I think it's ego satisfaction or something? I personally have started to tell
myself "get it done/build it first before you share it". Like buying a domain
before the site/app is ready.

------
livre
The important thing is not where but how. What matters is a platform that
doesn't get in your way. You need something that helps you focus on writing
while keeping useless distractions (such as colors, formatting or html) away.
Medium is good for that and so is the distraction free mode of WordPress. You
can always write on Word and copy and paste the text later too. You can even
use notepad or wordpad. I generally use metapad for this.

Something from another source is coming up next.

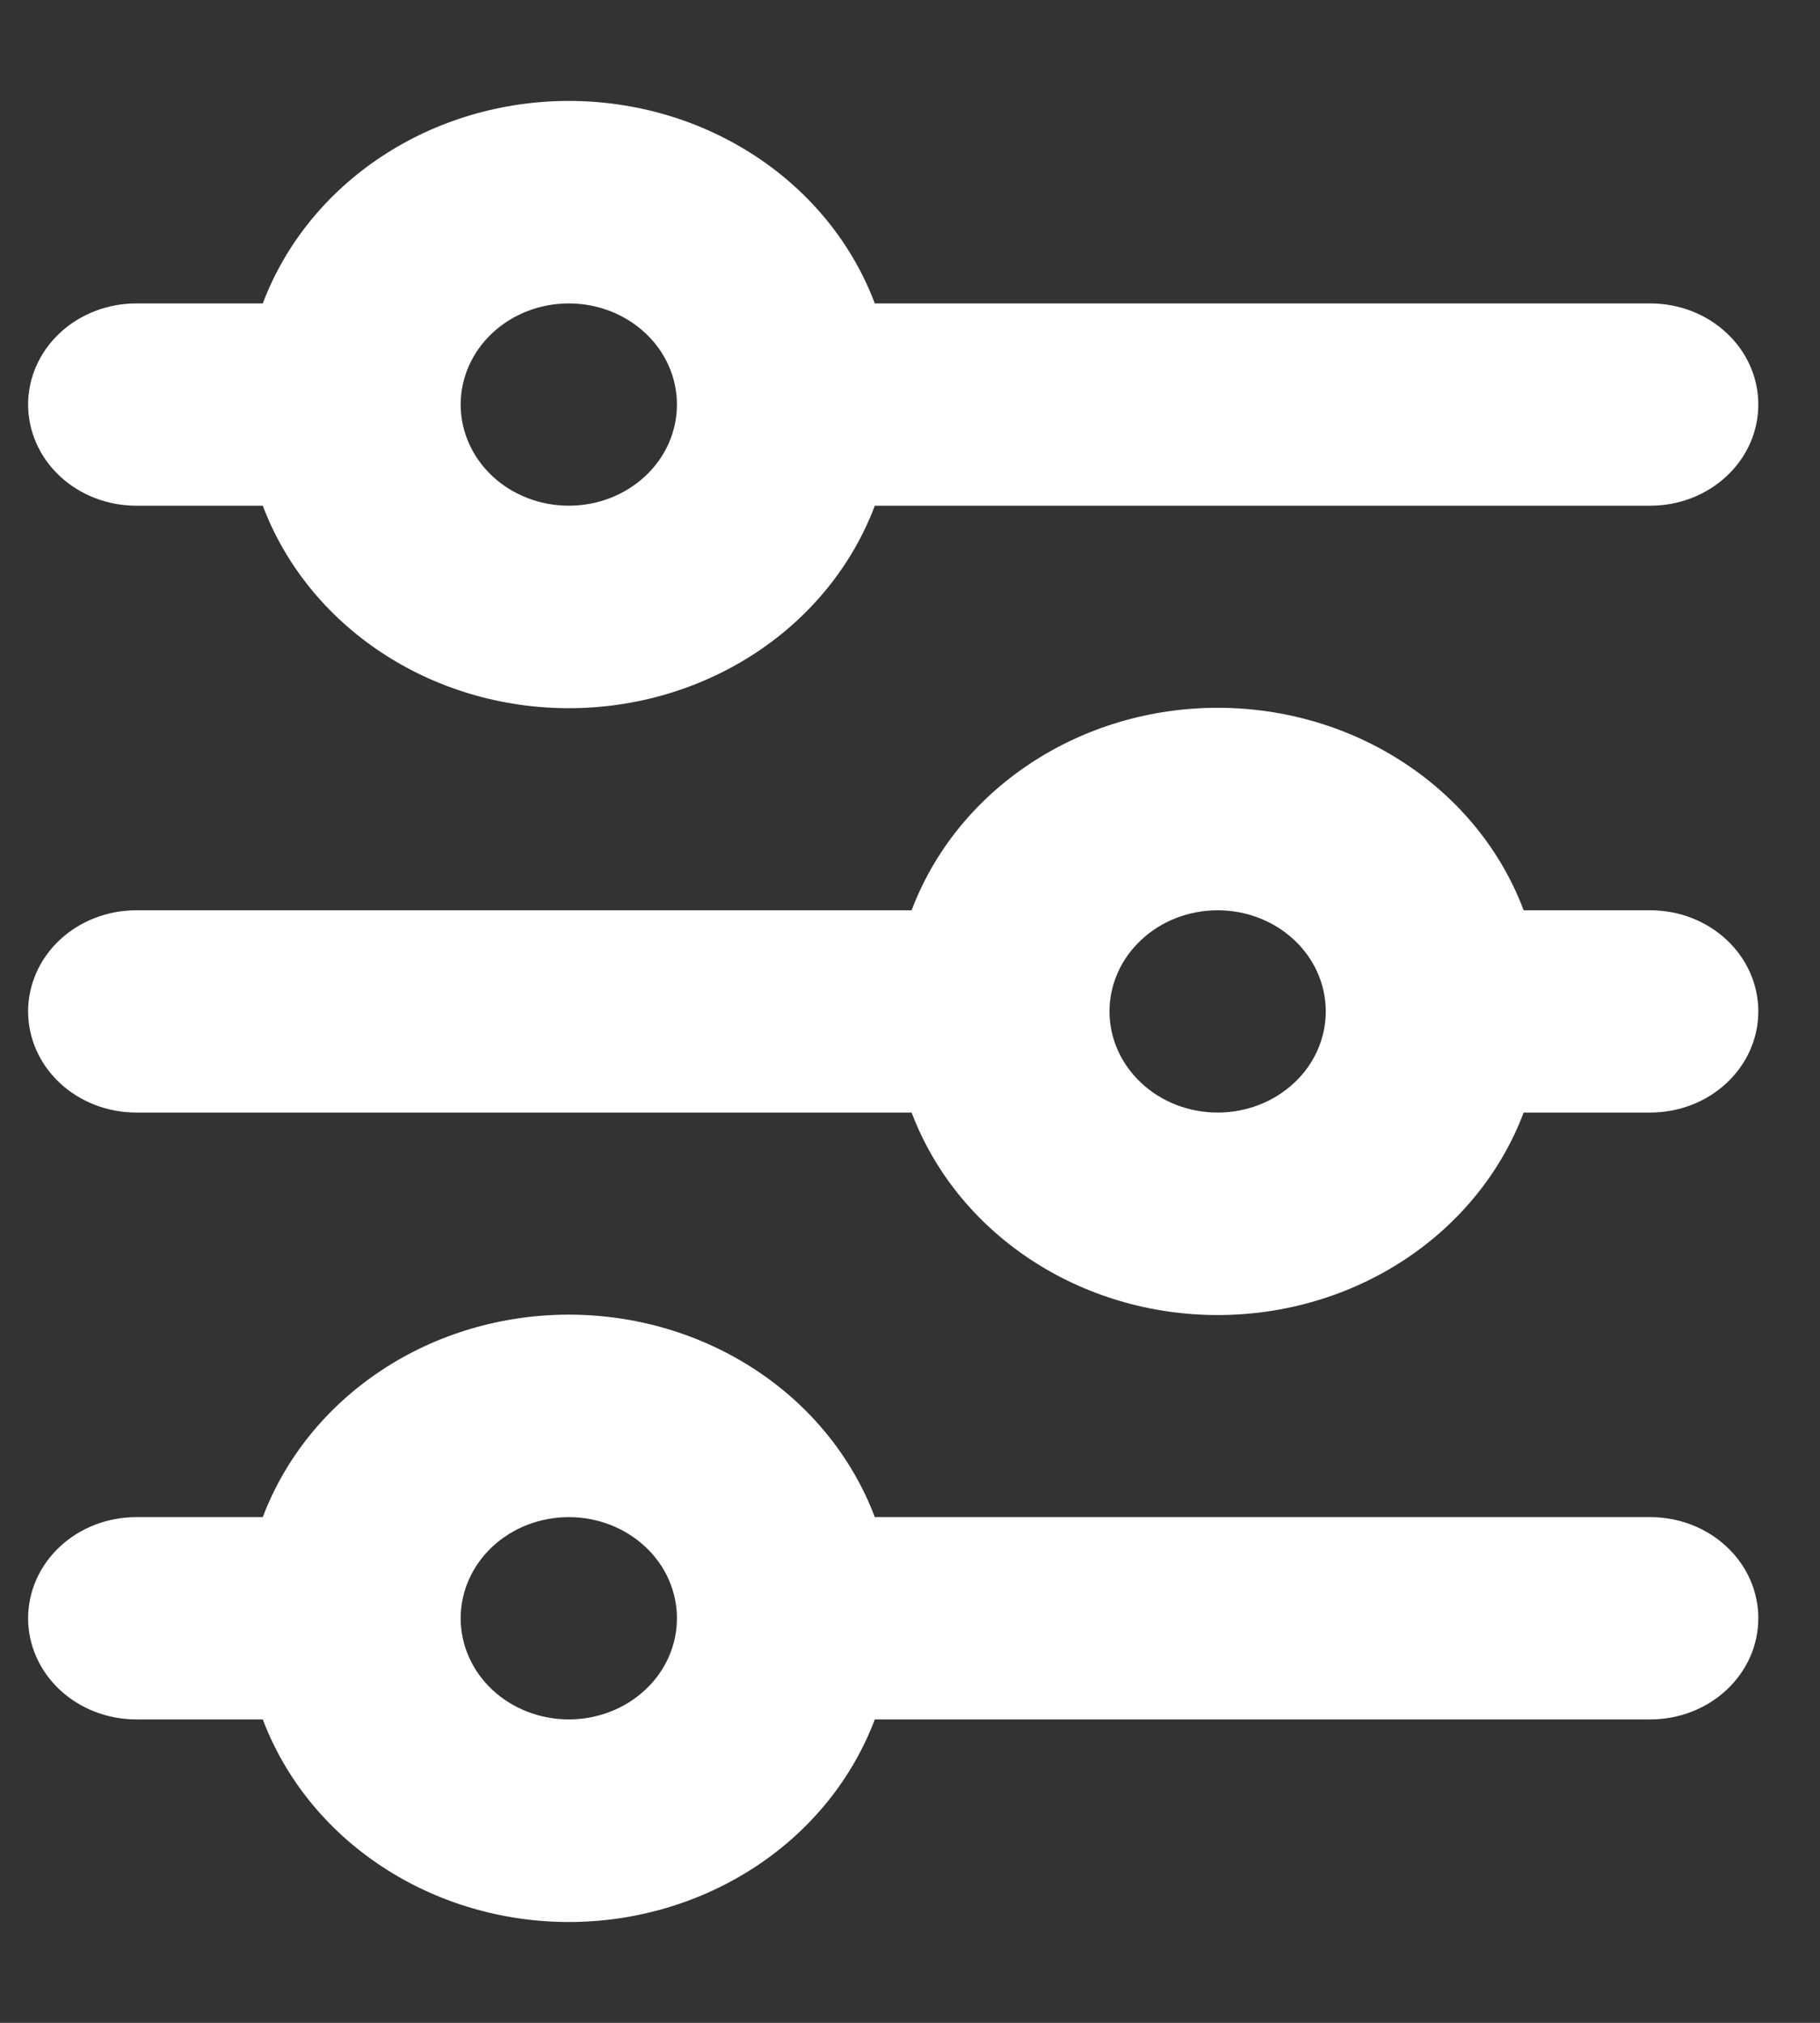 <svg width="18" height="20" viewBox="0 0 18 20" fill="none" xmlns="http://www.w3.org/2000/svg">
<rect x="0" y="0" width="18" height="20" fill="#333333" stroke="none"/>
<path d="M5.626 3C5.342 3 5.07 3.105 4.869 3.293C4.669 3.48 4.556 3.735 4.556 4C4.556 4.265 4.669 4.52 4.869 4.707C5.07 4.895 5.342 5 5.626 5C5.909 5 6.181 4.895 6.382 4.707C6.583 4.52 6.695 4.265 6.695 4C6.695 3.735 6.583 3.48 6.382 3.293C6.181 3.105 5.909 3 5.626 3ZM2.599 3C2.82 2.414 3.23 1.907 3.772 1.549C4.314 1.19 4.962 0.998 5.626 0.998C6.29 0.998 6.937 1.19 7.48 1.549C8.022 1.907 8.431 2.414 8.652 3H16.321C16.605 3 16.877 3.105 17.077 3.293C17.278 3.48 17.39 3.735 17.39 4C17.39 4.265 17.278 4.52 17.077 4.707C16.877 4.895 16.605 5 16.321 5H8.652C8.431 5.586 8.022 6.093 7.48 6.451C6.937 6.81 6.29 7.002 5.626 7.002C4.962 7.002 4.314 6.81 3.772 6.451C3.23 6.093 2.82 5.586 2.599 5H1.348C1.064 5 0.792 4.895 0.591 4.707C0.391 4.52 0.278 4.265 0.278 4C0.278 3.735 0.391 3.48 0.591 3.293C0.792 3.105 1.064 3 1.348 3H2.599ZM12.043 9C11.759 9 11.487 9.105 11.287 9.293C11.086 9.48 10.973 9.735 10.973 10C10.973 10.265 11.086 10.52 11.287 10.707C11.487 10.895 11.759 11 12.043 11C12.326 11 12.598 10.895 12.799 10.707C13 10.52 13.112 10.265 13.112 10C13.112 9.735 13 9.48 12.799 9.293C12.598 9.105 12.326 9 12.043 9ZM9.016 9C9.237 8.414 9.647 7.907 10.189 7.549C10.731 7.19 11.379 6.998 12.043 6.998C12.707 6.998 13.355 7.19 13.897 7.549C14.439 7.907 14.849 8.414 15.069 9H16.321C16.605 9 16.877 9.105 17.077 9.293C17.278 9.48 17.39 9.735 17.39 10C17.39 10.265 17.278 10.52 17.077 10.707C16.877 10.895 16.605 11 16.321 11H15.069C14.849 11.585 14.439 12.093 13.897 12.451C13.355 12.81 12.707 13.002 12.043 13.002C11.379 13.002 10.731 12.81 10.189 12.451C9.647 12.093 9.237 11.585 9.016 11H1.348C1.064 11 0.792 10.895 0.591 10.707C0.391 10.52 0.278 10.265 0.278 10C0.278 9.735 0.391 9.48 0.591 9.293C0.792 9.105 1.064 9 1.348 9H9.016ZM5.626 15C5.342 15 5.07 15.105 4.869 15.293C4.669 15.48 4.556 15.735 4.556 16C4.556 16.265 4.669 16.52 4.869 16.707C5.07 16.895 5.342 17 5.626 17C5.909 17 6.181 16.895 6.382 16.707C6.583 16.52 6.695 16.265 6.695 16C6.695 15.735 6.583 15.48 6.382 15.293C6.181 15.105 5.909 15 5.626 15ZM2.599 15C2.82 14.415 3.23 13.907 3.772 13.549C4.314 13.19 4.962 12.998 5.626 12.998C6.29 12.998 6.937 13.19 7.48 13.549C8.022 13.907 8.431 14.415 8.652 15H16.321C16.605 15 16.877 15.105 17.077 15.293C17.278 15.48 17.39 15.735 17.39 16C17.39 16.265 17.278 16.52 17.077 16.707C16.877 16.895 16.605 17 16.321 17H8.652C8.431 17.585 8.022 18.093 7.48 18.451C6.937 18.81 6.29 19.003 5.626 19.003C4.962 19.003 4.314 18.81 3.772 18.451C3.23 18.093 2.82 17.585 2.599 17H1.348C1.064 17 0.792 16.895 0.591 16.707C0.391 16.52 0.278 16.265 0.278 16C0.278 15.735 0.391 15.48 0.591 15.293C0.792 15.105 1.064 15 1.348 15H2.599Z" fill="white"/>
</svg>

In my personal case I find markdown very useful when I absolutely need some
formatting but don't want to waste time with HTML, toolbar buttons or having
to remember keyboard shortcuts. The great thing about it is that it doesn't
break the flow, I can just keep writing.

For publishing (which I do rarely as I mostly write just for my own amusement)
I use Neocities because it's just old school HTML and doesn't get in my way,
GitHub pages work for that too. The good thing about those two is that backups
are basically hassle free, you always have a local and a remote copy and don't
have to worry about having to backup a database or export a blog (as is the
case for Medium or WordPress). Since you asked for cons too: static site
generators and GitHub commands not only are something else you have to
install, learn and keep up-to-date, they also break the flow so only use them
once you've finished writing.

So here's my summary: choose whatever platform you feel that doesn't get in
the way of your writing.

------
steveklabnik
I have used svbtle.com for years, and generally like it.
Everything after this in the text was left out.